Não será a mídia, portanto, que ajudará a eviscerar uma época capaz de assombrá-la. É tão patético que até podemos imaginar sua postura não como uma opção ideológica mas uma fatalidade da biologia, uma determinante genética golpista. Senão vejamos: implorou pelo golpe em 1954, movimento frustrado pelo tiro que, após fulminar o coração de Getúlio, alvejou o núcleo da conspiração. Dez anos depois, sangrou o governo Goulart até a deposição do presidente constitucional. E aplaudiu a entronização da ditadura...

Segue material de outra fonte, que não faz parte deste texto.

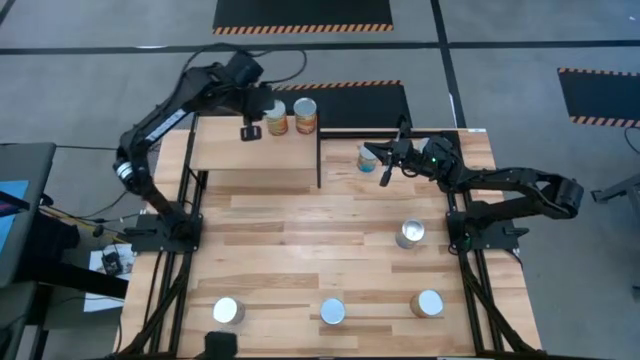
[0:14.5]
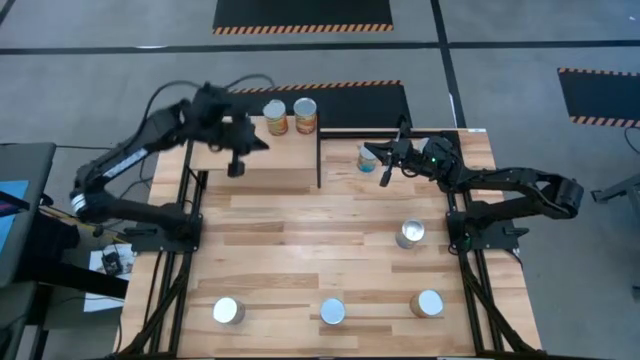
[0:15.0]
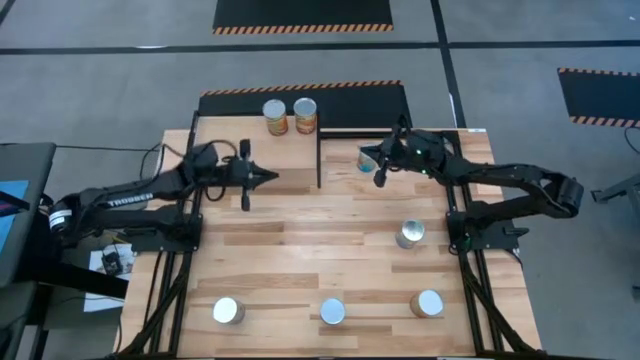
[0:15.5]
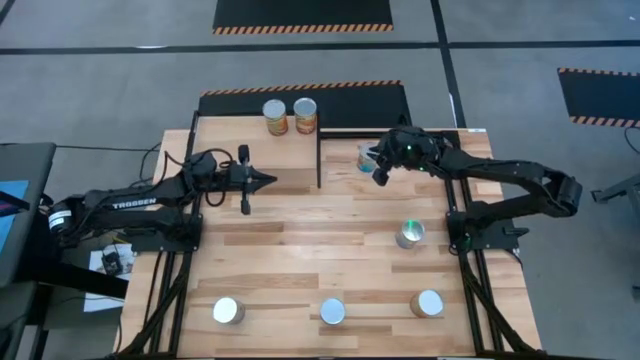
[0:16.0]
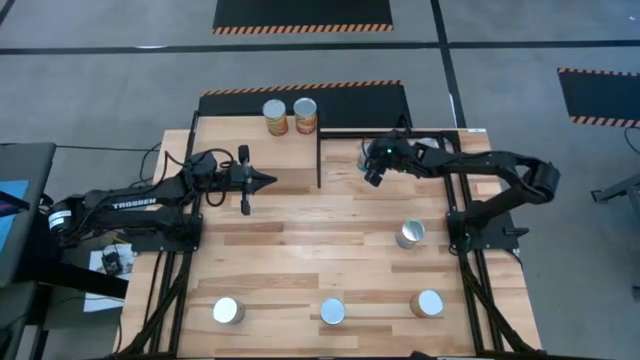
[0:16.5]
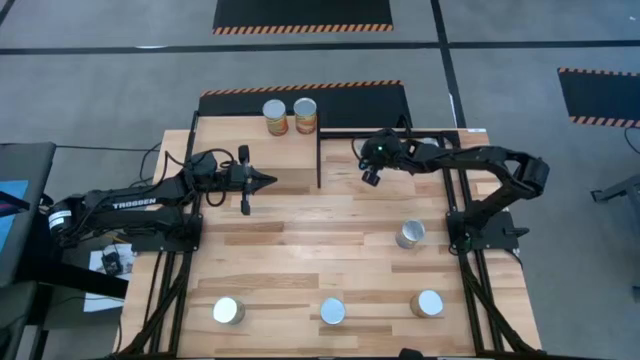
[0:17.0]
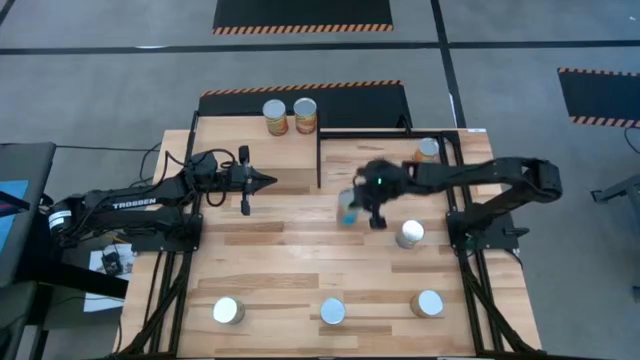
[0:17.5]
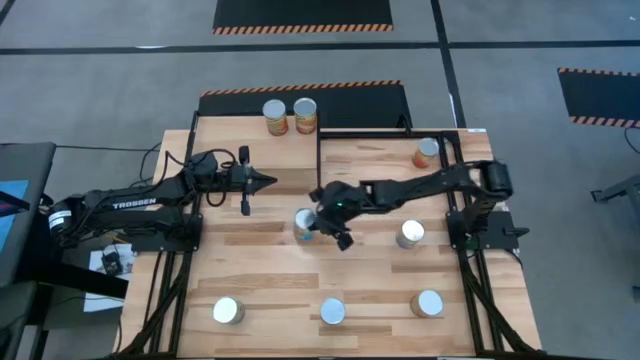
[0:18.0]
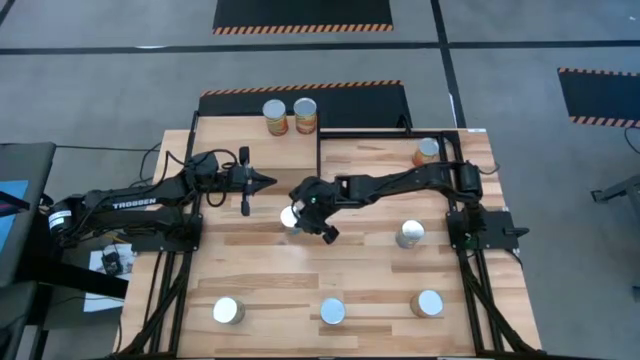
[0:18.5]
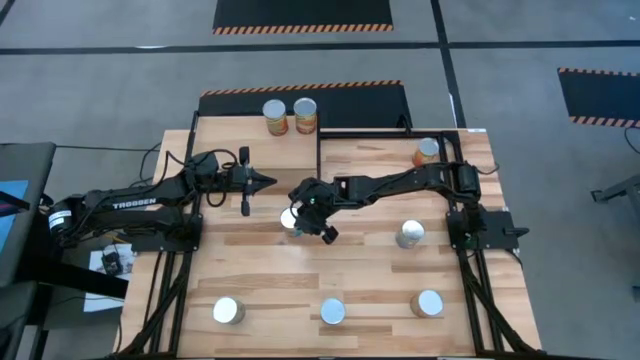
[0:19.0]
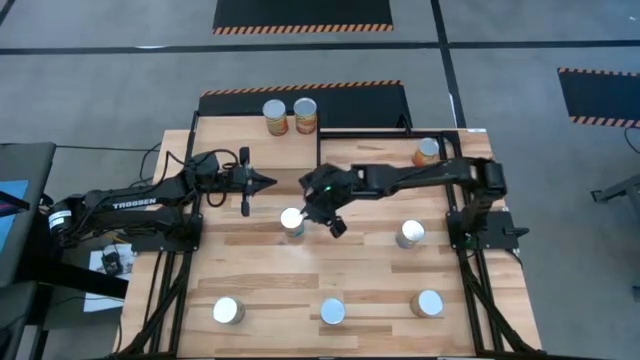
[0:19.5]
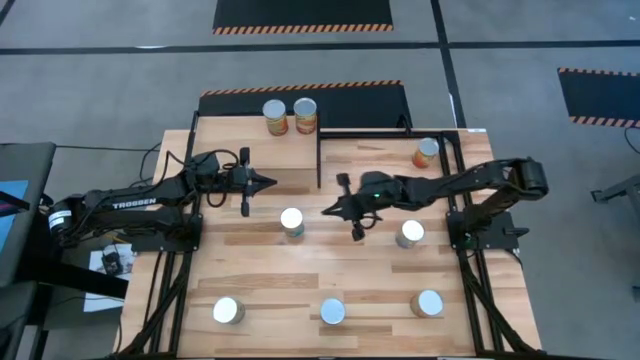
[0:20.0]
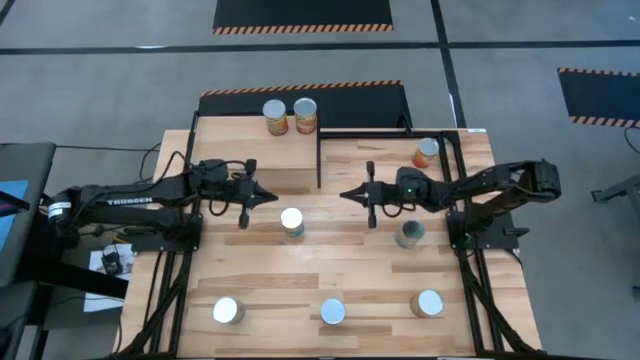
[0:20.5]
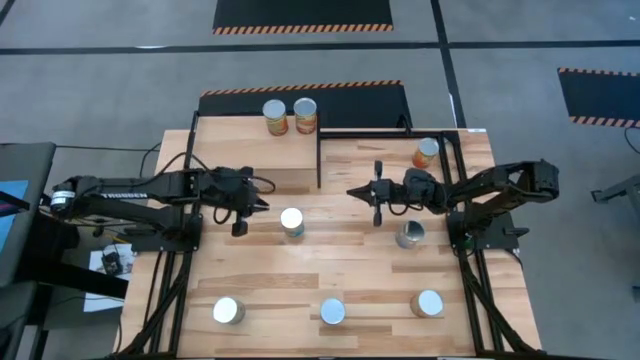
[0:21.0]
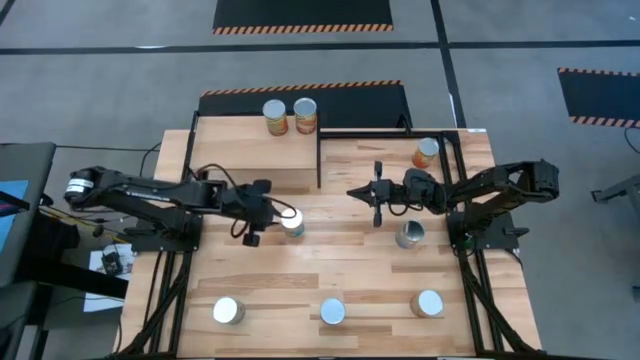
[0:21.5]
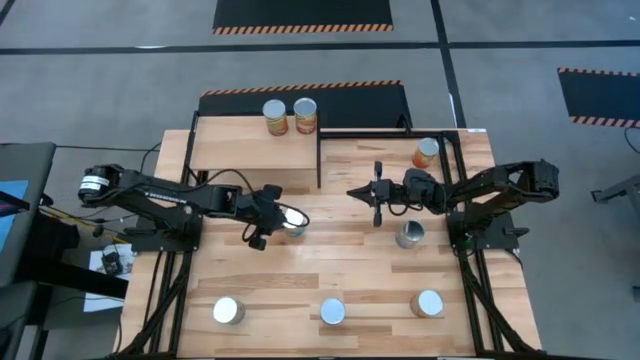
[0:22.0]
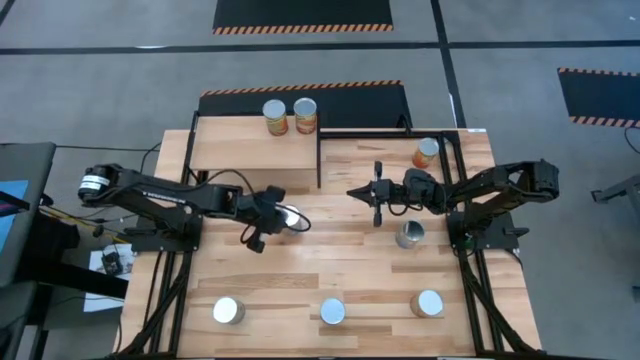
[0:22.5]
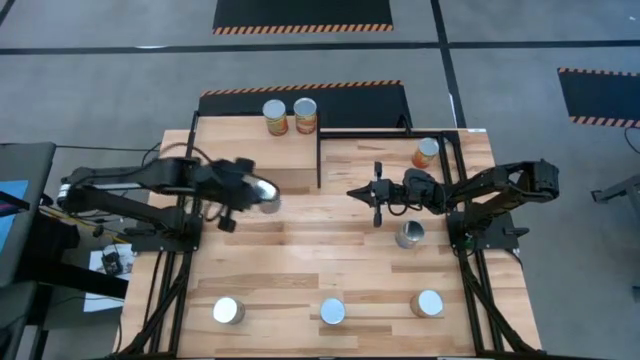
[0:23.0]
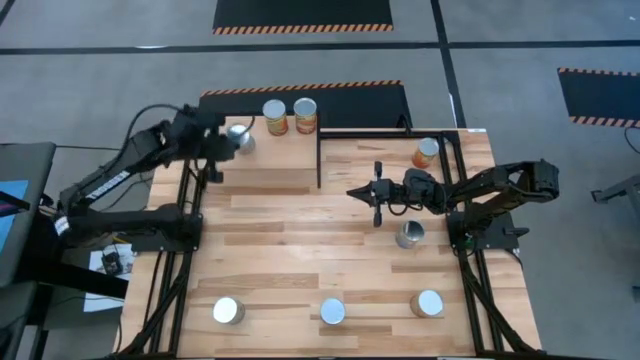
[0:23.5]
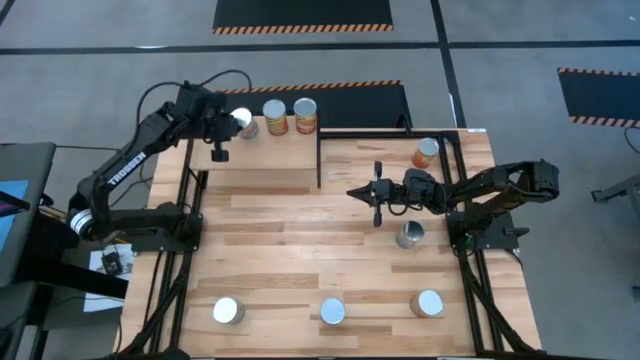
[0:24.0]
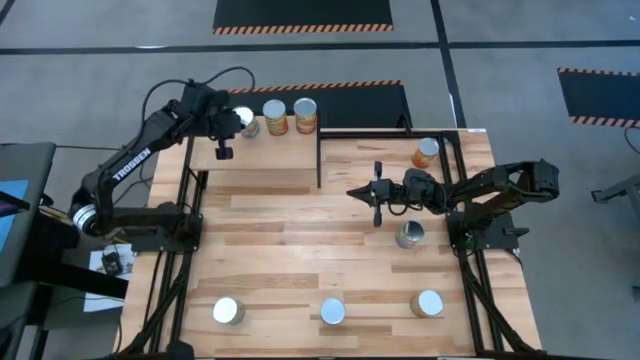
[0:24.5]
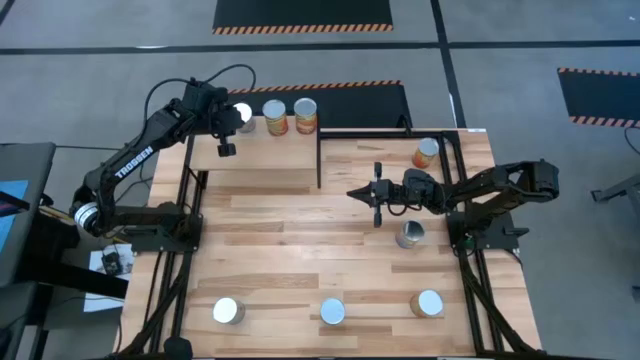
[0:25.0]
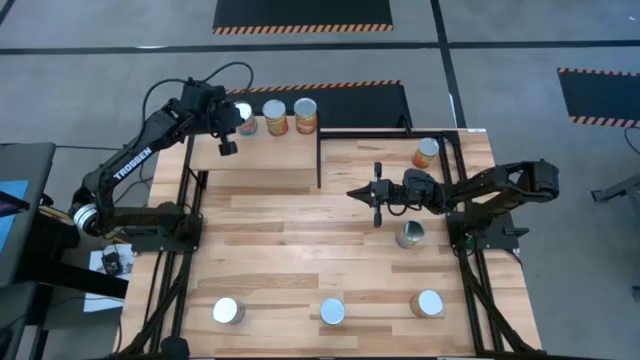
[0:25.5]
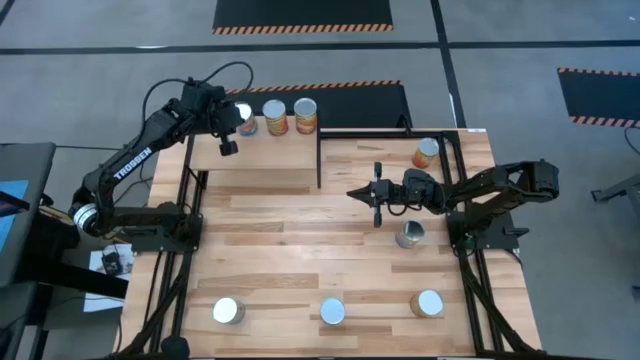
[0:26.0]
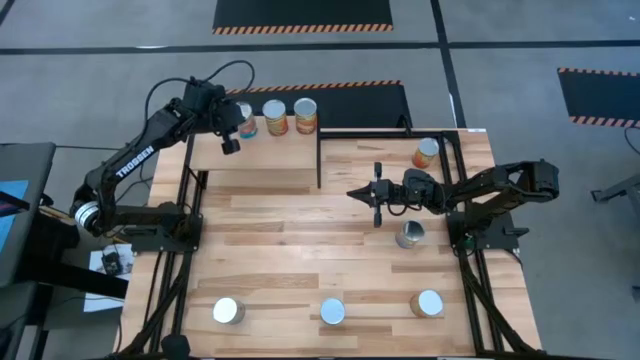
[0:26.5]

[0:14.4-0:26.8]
Task: Pick and place cans onto a shelf
Put the top canned tomatoes on the shelf

Por estas e outras, é fácil prognosticar que o PNDH III terá uma vida dura pela frente. Seja como for, é ele que aponta o Norte que o Brasil – como sociedade – e os brasileiros – como cidadãos – terão que perseguir em busca da Verdade, da Justiça e da Memória. E do respeito por si próprios.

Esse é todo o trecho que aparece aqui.